Enjoy maths ! cheer's $\ddot\smile$

Let $P(x)=x^4+ax^3+bx^2+ax+1.$ If $x=1$ is a root of $P(x)$ , it can be proved that its multiplicity is at least 2 . Indeed, if you divide the given 4-th degree polynomial by $(x-1)$ twice, then we get the remainder $2P(1)=0.$ In a similar way, it can be proved that if $x=-1$ is a root of $P(x),$ then it has multiplicity at least 2. On the other hand, since $P(x)=x^4P(1/x)$ , if $r$ is a real root of $P(x)$ then $1/r$ is another real root.

Therefore, if $P(x)$ has at least one real root, then $P(x)$ has the factor $(x^2-(r+\frac{1}{r})x+1)$ , where $r$ can be any real number, including the case when $r=1$ or $r=-1.$ Then the other quadratic factor has to have the form $x^2+px+1$ where $p$ is an arbitrary real number.

From the fact that $P(x)=(x^2-(r+\frac{1}{r})x+1)(x^2+px+1),$ we obtain that $a=p-(r+\frac{1}{r})$ and $b=2-p(r+\frac{1}{r}).$ Therefore, $a^2+b^2=(1+(r+\frac{1}{r})^2)p^2- 6(r+\frac{1}{r})p+(r+\frac{1}{r})^2+4.$

Since $r$ is a non-zero real number and $\frac{1}{r}$ has the same sign as $r,$ $|r+\frac{1}{r}|=|r|+|\frac{1}{r}|=\frac{|r|^2+1}{|r|}\geq \frac{|r|^2-2|r|+1+2|r|}{|r|}\geq \frac{(|r|-1)^2+2|r|}{|r|}\geq \frac{2|r|}{2}\geq 2.$

From the previous inequalities we also obtain that the equality is reached when $r=1$ or $r=-1.$ Now, making $t=r+\frac{1}{r}$ the problem of finding the minimum value of $a^2+b^2$ can be rephrased in the following way: we need to find the absolute minimum of the form $(1+t^2)x^2- 6t x+t^2+4$ where $t$ and $x$ are any real numbers and $|t|\geq 2.$

By factoring $(1+t^2)$ out and completing the square we get $(1+t^2)x^2- 6t x+t^2+4=(1+t^2)(x-\frac{3t}{1+t^2})^2+t^2+4-\frac{9t^2}{1+t^2}.\:\:\:\:\:\:\:\:(*)$

Since the term $(1+t^2)(x-\frac{3t}{1+t^2})^2$ is always greater than or equal to zero, we can find the minimum value for the given expression by finding a value of $t$ , such that $|t|\geq 2,$ that minimizes the function $f(t)=t^2+4-\frac{9t^2}{1+t^2},$ and then making $x=\frac{3t}{1+t^2}$ for that value of $t.$ We can verify that $f '(t)= \frac{2 t (t^2-2) (t^2+4)}{(t^2+1)^2},$ so the only roots of the derivative of $f(t)$ are $-\sqrt{2}, 0,$ and $\sqrt{2}.$ and it is never undefined at any number.

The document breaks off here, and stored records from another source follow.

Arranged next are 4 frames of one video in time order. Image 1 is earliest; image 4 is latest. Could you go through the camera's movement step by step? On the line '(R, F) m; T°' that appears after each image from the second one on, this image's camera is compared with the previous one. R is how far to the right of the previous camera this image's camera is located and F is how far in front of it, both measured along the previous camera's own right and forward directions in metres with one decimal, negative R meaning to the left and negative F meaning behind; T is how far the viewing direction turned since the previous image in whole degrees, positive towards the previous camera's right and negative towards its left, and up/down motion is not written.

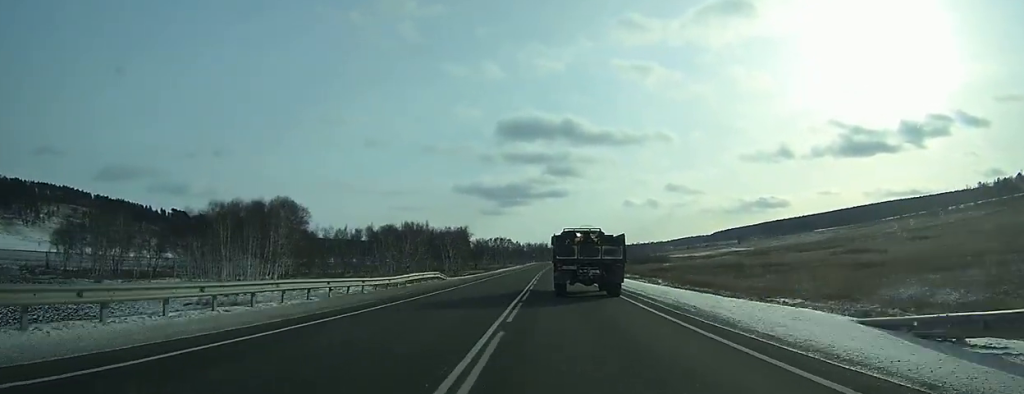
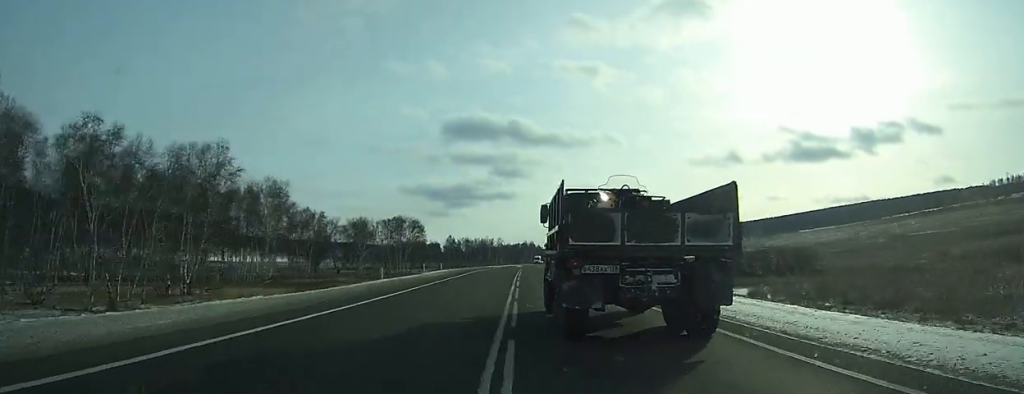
(+0.8, +133.0) m; +2°
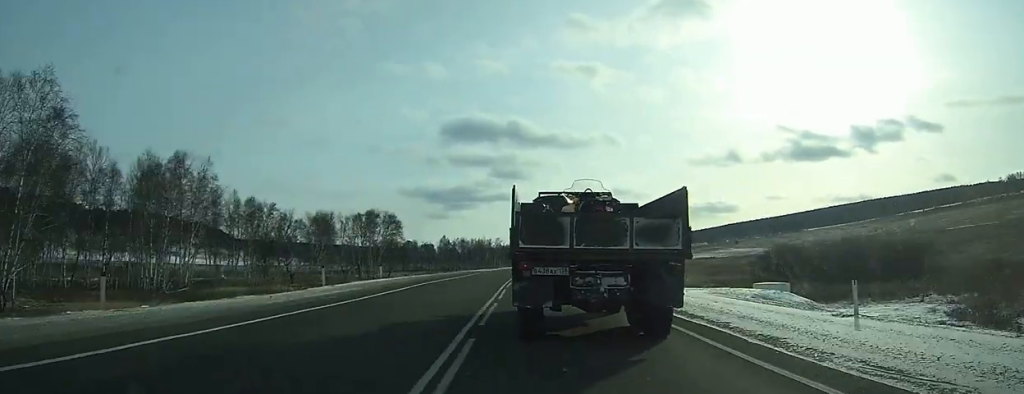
(+0.3, +25.5) m; +1°
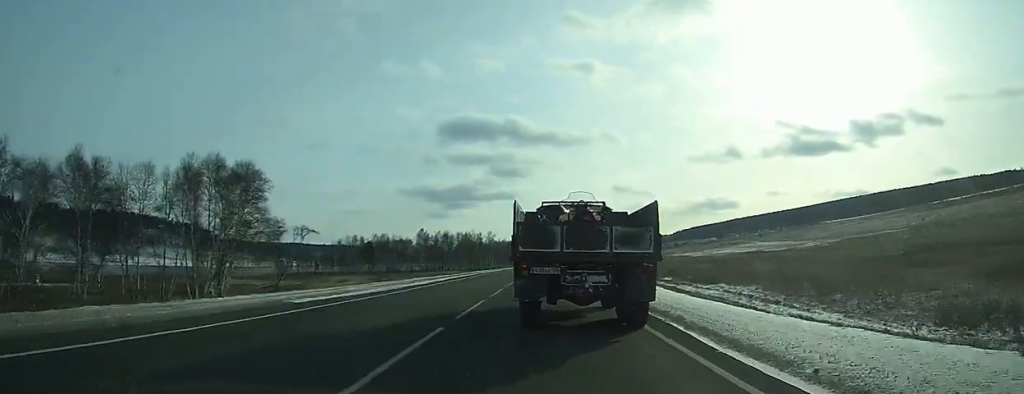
(+0.4, +61.0) m; +1°

Now, it is easy to determine by using test points that $f '(t)$ is negative on $(-\infty, -2),$ and positive on $(2 ,\infty ).$ Therefore the minimum value of $f(t)$ for all values of $t$ such that $|t|\geq 2$ will be $f(-2)=f(2)=\frac{4}{5}=0.8.$ Thus we can conclude that the expression $(*)$ gets its minimum value a $t=2$ or $-2$ and taking $x=\frac{3(2)}{1+2^2}=\frac{6}{5}$ or $x=\frac{3(-2)}{1+(-2)^2}=-\frac{6}{5},$ respectively, and the minimum values of $(*)$ will be 0.8.

A polynomial $f(x)$ of this form with minimal $a^2+b^2$ must have a multiple root, $c$ . Given the required format of the polynomial, we must have $f(x)=(x\pm 1)^2(x^2+px+1)$ or $f(x)=(x-c)^2\left(x-\frac{1}{c}\right)^2$ . In the first case, with the factor $(x-1)^2$ , the minimum is $a^2+b^2=(p-2)^2+(2-2p)^2$ $=5p^2-12p+8= \boxed{0.8}$ when $p=1.2$ . In the second case we have $b>4$ so $a^2+b^2>16$ .